Axial T2WI at the level of the lateral ventricles.




Fig. 57.2

Axial enhanced T1WI at the same level as Fig. 57.1.



Fig. 57.3

Axial DWI.



Fig. 57.4

Axial enhanced T1-weighted image (1.5-month follow-up).






Balo Concentric Sclerosis



Primary Diagnosis




Balo concentric sclerosis



Differential Diagnoses




Glioma



Metastasis



Multiple sclerosis



Encephalitis



Infections (fungal and pyogenic)



Imaging Findings


Fig. 57.1: Axial T2WI at the level of the lateral ventricles demonstrated two oval-rounded lesions in the deep and periventricular white matter of the left frontal lobe. Mild adjacent edema (white arrows) noted but no significant effect. Note that the larger lesion (bold arrow) showed the typical lamellar pattern with alternating hypo- and hyperintense bands. Fig. 57.2: Axial enhanced T1WI showed that the larger lesion (arrow) is associated with blood-brain barrier breakdown, which also demonstrated incomplete ring of enhancement in a horseshoe configuration. Fig. 57.3: Axial DWI showed high intensity signal with a round configuration at the same level as the enhancement, and inside the lesions proper. The ADC values were mildly lower than in the contralateral white matter (image not shown). Fig. 57.4: Axial enhanced T1-weighted image posterior to seven-day treatment with steroids (1.5-month follow-up). Both lesions (arrows) no longer showed contrast enhancement, but still show the lamellar pattern with onionskin appearance.



Discussion


A clinicoradiologic picture of acutely progressive neurologic deficits is not expected in patients with a primary or secondary brain tumor, which more commonly demonstrate a more subacute presentation. Patients with multiple sclerosis (MS) may show acute neurologic symptoms, which can be seen during the first attack of the relapsing-remitting form of MS. Primary progressive MS demonstrates steadily worsening neurologic symptoms, without episodic remission.

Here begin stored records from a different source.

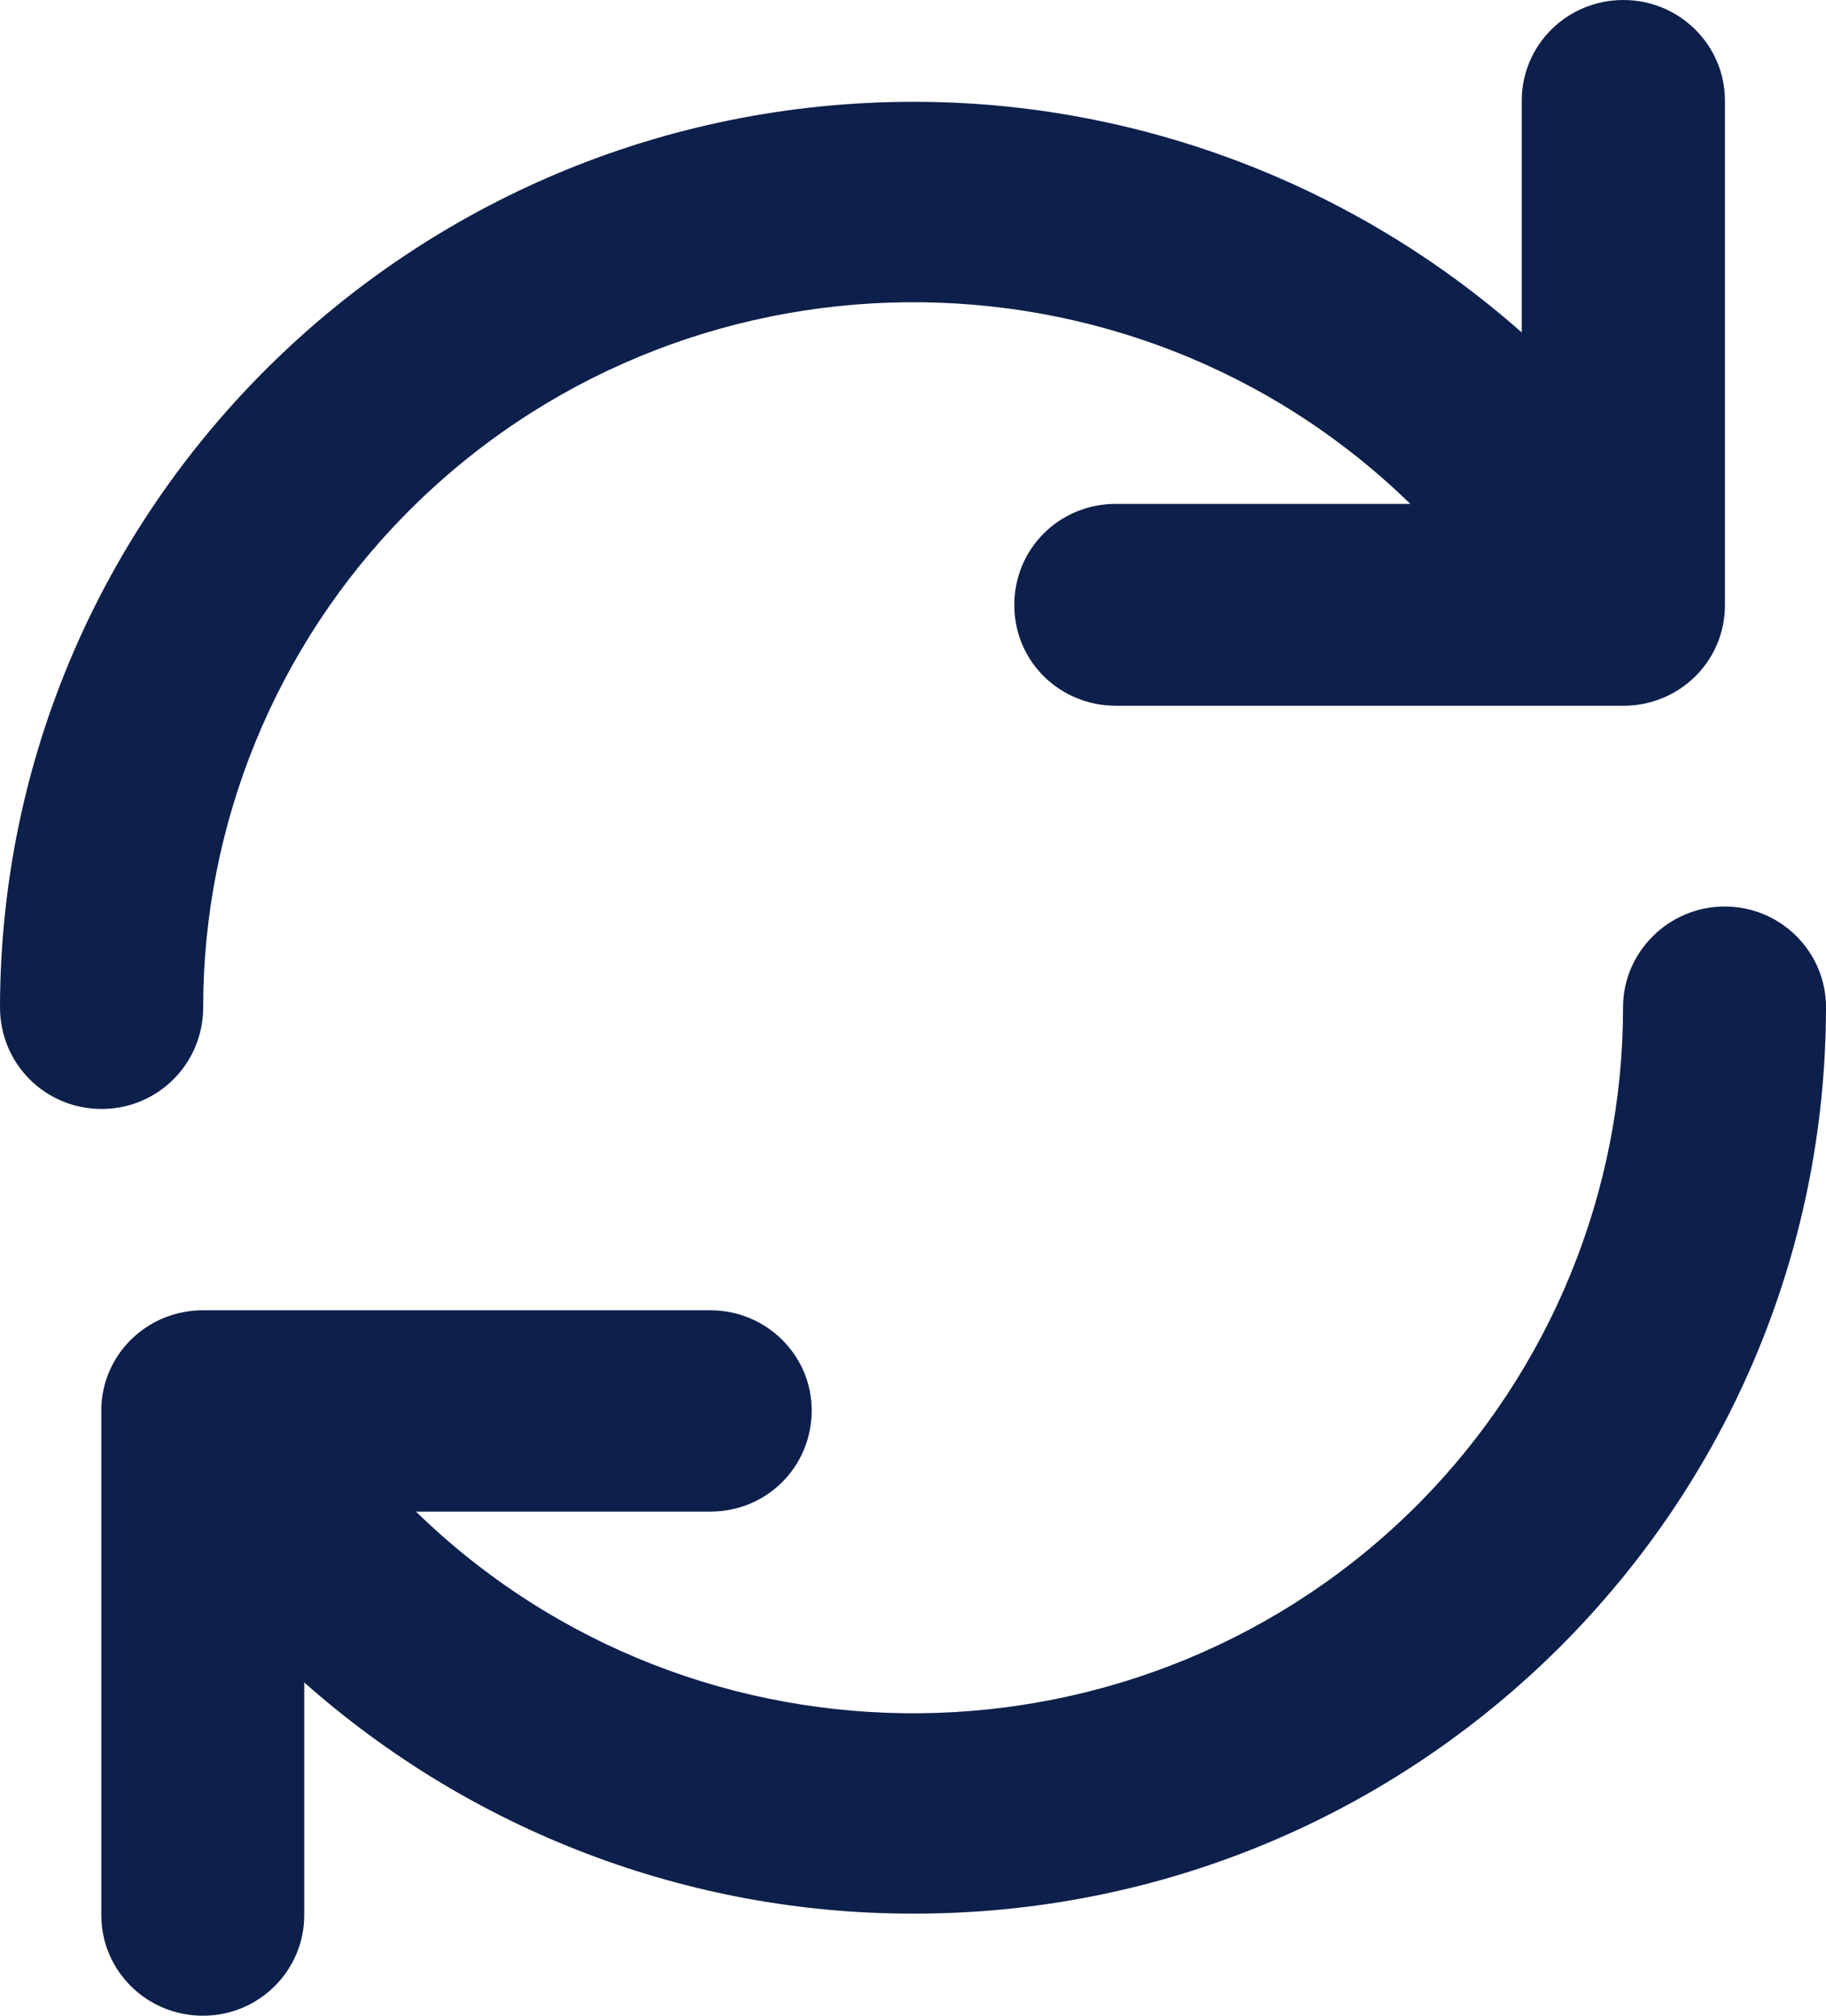 <svg width="29" height="32" viewBox="0 0 29 32" fill="none" xmlns="http://www.w3.org/2000/svg">
<g clip-path="url(#clip0_3726_30)">
<path d="M4.832 26.709V30.402C4.832 31.283 4.115 32 3.223 32C2.331 32 1.609 31.288 1.609 30.402V22.39C1.609 21.517 2.326 20.801 3.223 20.801H11.282C12.169 20.801 12.891 21.513 12.891 22.39C12.891 23.289 12.174 23.997 11.282 23.997H6.606C11.057 28.329 18.196 28.252 22.555 23.846C24.619 21.75 25.777 18.933 25.777 15.989C25.777 15.117 26.499 14.391 27.391 14.391C28.283 14.391 29 15.112 29 15.989C28.991 23.951 22.495 30.398 14.486 30.379C10.928 30.379 7.494 29.069 4.832 26.709ZM24.168 5.278V1.598C24.168 0.717 24.885 0 25.782 0C26.669 0 27.395 0.712 27.395 1.598V9.606C27.395 10.496 26.674 11.204 25.782 11.204H17.723C16.831 11.204 16.109 10.501 16.109 9.606C16.109 8.707 16.826 7.999 17.723 7.999H22.398C17.948 3.666 10.804 3.744 6.445 8.159C4.386 10.245 3.227 13.071 3.227 15.989C3.227 16.888 2.506 17.605 1.614 17.605C0.722 17.605 0 16.893 0 15.989C0.014 8.054 6.51 1.616 14.514 1.616C18.072 1.616 21.506 2.927 24.168 5.278Z" fill="#0D1F4B"/>
</g>
<defs>
<clipPath id="clip0_3726_30">
<rect width="29" height="32" fill="white"/>
</clipPath>
</defs>
</svg>

Acute, progressive neurologic deficits also present in patients with intracranial infections, such as encephalitis. However, patients with encephalitis typically show a more severe symptomatology, such as confusion, loss of consciousness, seizures, hallucinations, or even agitation. Certain fungal and pyogenic infections can cause acute progressing neurologic symptoms, which are usually associated with headache, fever, and a focal neurologic deficit. Patients with abscess can also present with nausea, vomiting, and neck stiffness if the meninges are also affected. In patients with intracranial infection, hematology studies typically demonstrate elevated WBC and SED levels; C-reactive protein level may be altered. Immunodeficient pathologies (such as AIDS) can be risk factors for opportunistic brain infections, such as toxoplasmosis and cryptococcosis.


Primary and secondary brain tumors typically demonstrate enhancement, active demyelination, and, possibly, infection on imaging studies. A horseshoe pattern (or open ring) of enhancement, combined with the presence of oligoclonal bands in CSF corroborate existence of a demyelinating process in this patient. The lamellar pattern (onionskin configuration) seen on both T2- and T1-weighted images (Figs. 57.1, 57.2, and 57.4) is typically seen in cases of Balo concentric sclerosis (BCS), which can be considered a pathognomonic finding in patients with this disease.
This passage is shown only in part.